Some positions are only legal with one color to move. One such position is the starting position, which famously can't be reached with black to move. This is because knight moves preserve parity.

How many such positions are there? (excluding checks, which can only be reached with the threatened side to move).

A large and trivial family of such positions are all the knight permutations. These all have a unique side to move due to parity

[Title "White to move"]
[fen "r1bqkb1r/pppppppp/8/3NN3/3nn3/8/PPPPPPPP/R1BQKB1R w KQkq - 0 1"]
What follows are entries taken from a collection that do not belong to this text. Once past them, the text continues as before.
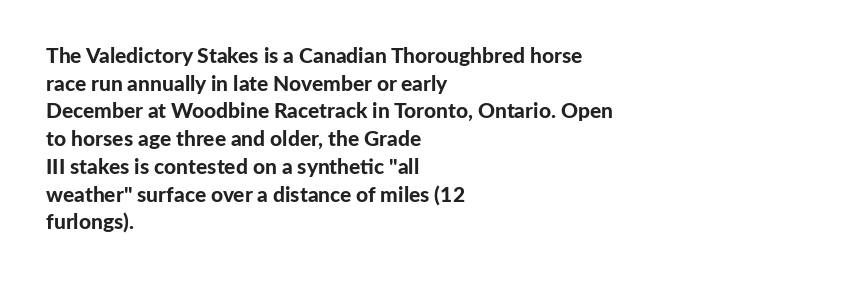
The image shows 21 px bold type, upright; set left-aligned, normal line spacing (1.32x), normal letter spacing, not underlined.
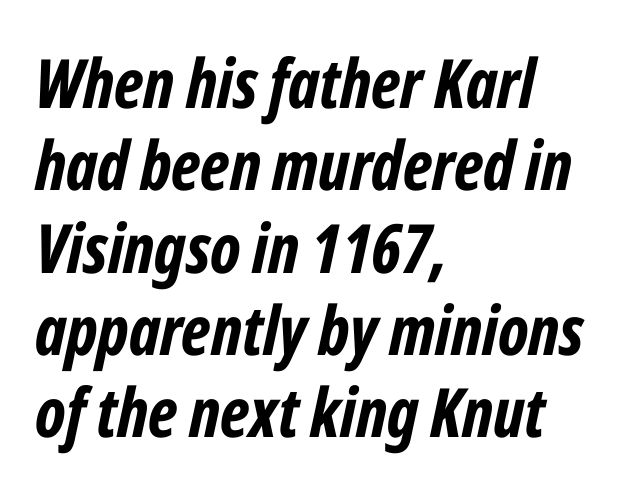
Q: Is the text bold? A: Yes.
Q: Is the text italic (slanted)? A: Yes, it leans right by about 12 degrees.
Q: Is the text underlined? A: No.
Q: How is the paragraph aligned? A: Left-aligned.
Q: Is the spacing between letters normal or unusually wide? A: Normal.
Q: Width (condensed, normal, or wide)? A: Condensed.
Q: Stroke contrast? A: Low.
Q: x-height? A: Medium.
Q: Monospaced? A: No.
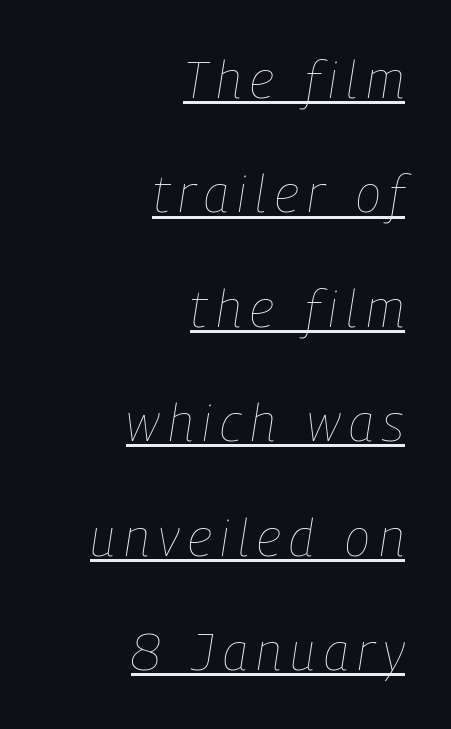
Q: Is the text bold? A: No.
Q: Is the text italic (slanted)? A: Yes, it leans right by about 9 degrees.
Q: Is the text underlined? A: Yes.
Q: How is the paragraph aligned? A: Right-aligned.
Q: Is the spacing between lines tight, normal or loose? A: Loose.
Q: Width (condensed, normal, or wide)? A: Condensed.
Q: Stroke contrast? A: Low.
Q: x-height? A: Medium.
Q: Monospaced? A: No.
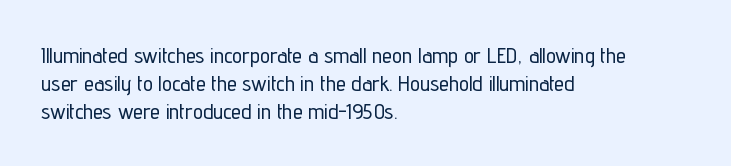
Q: Is the text italic (slanted)? A: No, it is upright.
Q: Is the text underlined? A: No.
Q: How is the paragraph aligned? A: Left-aligned.
Q: Is the spacing between letters normal or unusually wide? A: Normal.
Q: Is the spacing between lines tight, normal or loose? A: Normal.
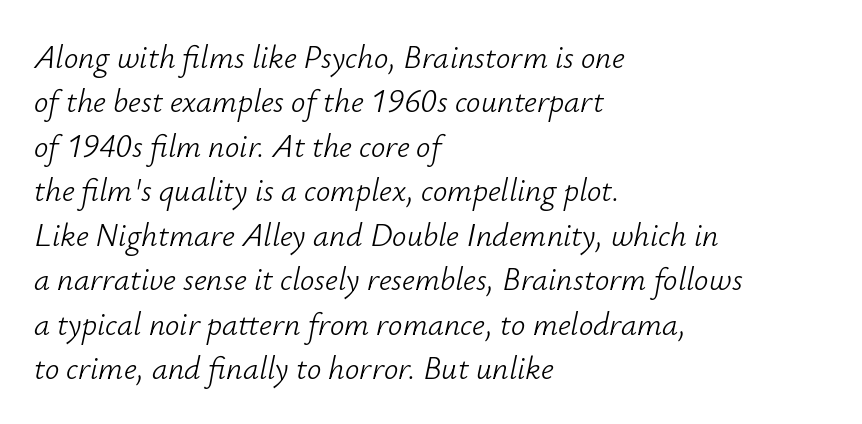
The image shows 32 px light type, italic (leaning right); set left-aligned, normal line spacing (1.39x), normal letter spacing, not underlined; low stroke contrast and a small x-height.
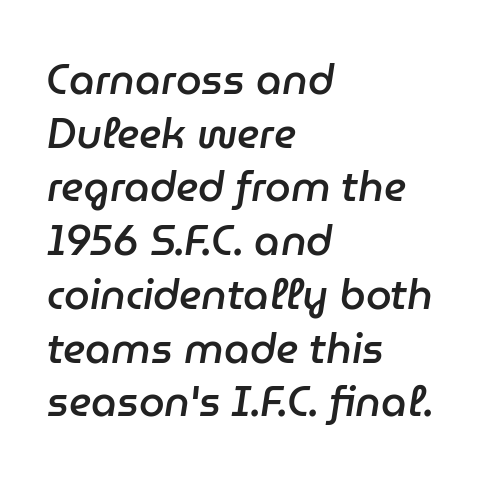
The image shows 41 px semibold type, italic (leaning right); set left-aligned, normal line spacing (1.31x), normal letter spacing, not underlined; low stroke contrast and a medium x-height.
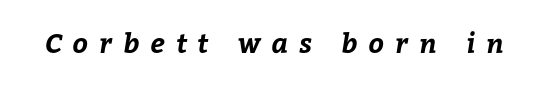
Q: Is the text bold? A: Yes.
Q: Is the text underlined? A: No.
Q: Is the spacing between letters normal or unusually wide? A: Unusually wide.
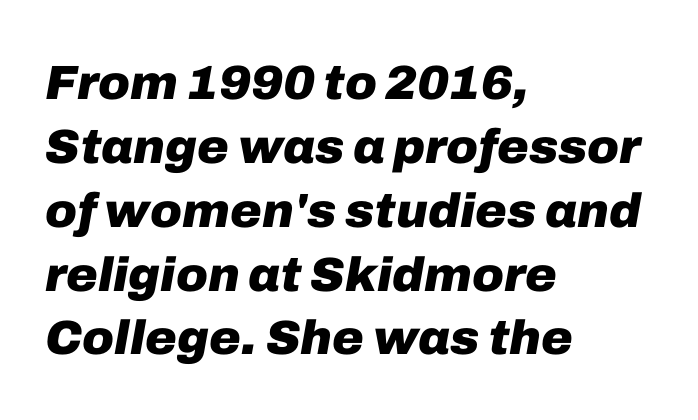
Q: Is the text bold? A: Yes.
Q: Is the text italic (slanted)? A: Yes, it leans right by about 10 degrees.
Q: Is the text underlined? A: No.
Q: How is the paragraph aligned? A: Left-aligned.
Q: Is the spacing between letters normal or unusually wide? A: Normal.
Q: Is the spacing between lines tight, normal or loose? A: Normal.
Q: Width (condensed, normal, or wide)? A: Normal.
Q: Stroke contrast? A: Low.
Q: x-height? A: Medium.
Q: Monospaced? A: No.

All four knights must be present, as captures do not preserve parity:

[Event "White to move"]
[FEN ""]
[StartPly "14"]
1.Nf3 Nf6 2.Ne5 Ng4 3.Nc3 Nc6 4.Nd5 (4... Ne3 5.Nxe3) Nb8 5.Nxg4 Nc6 6.Ne5 Nb8 7.Ne3 Nc6

The rooks, if kept in a properly confined area, also preserve parity. I see two versions of this, both with or without the a3/a6/h3/h6 pawns moved.

thisall

Are there more ways to raise the number of permutations? Letting bishops, queens and kings loose usually allows triangulation, but sufficiently small cages could potentially prevent that, just like with the rooks.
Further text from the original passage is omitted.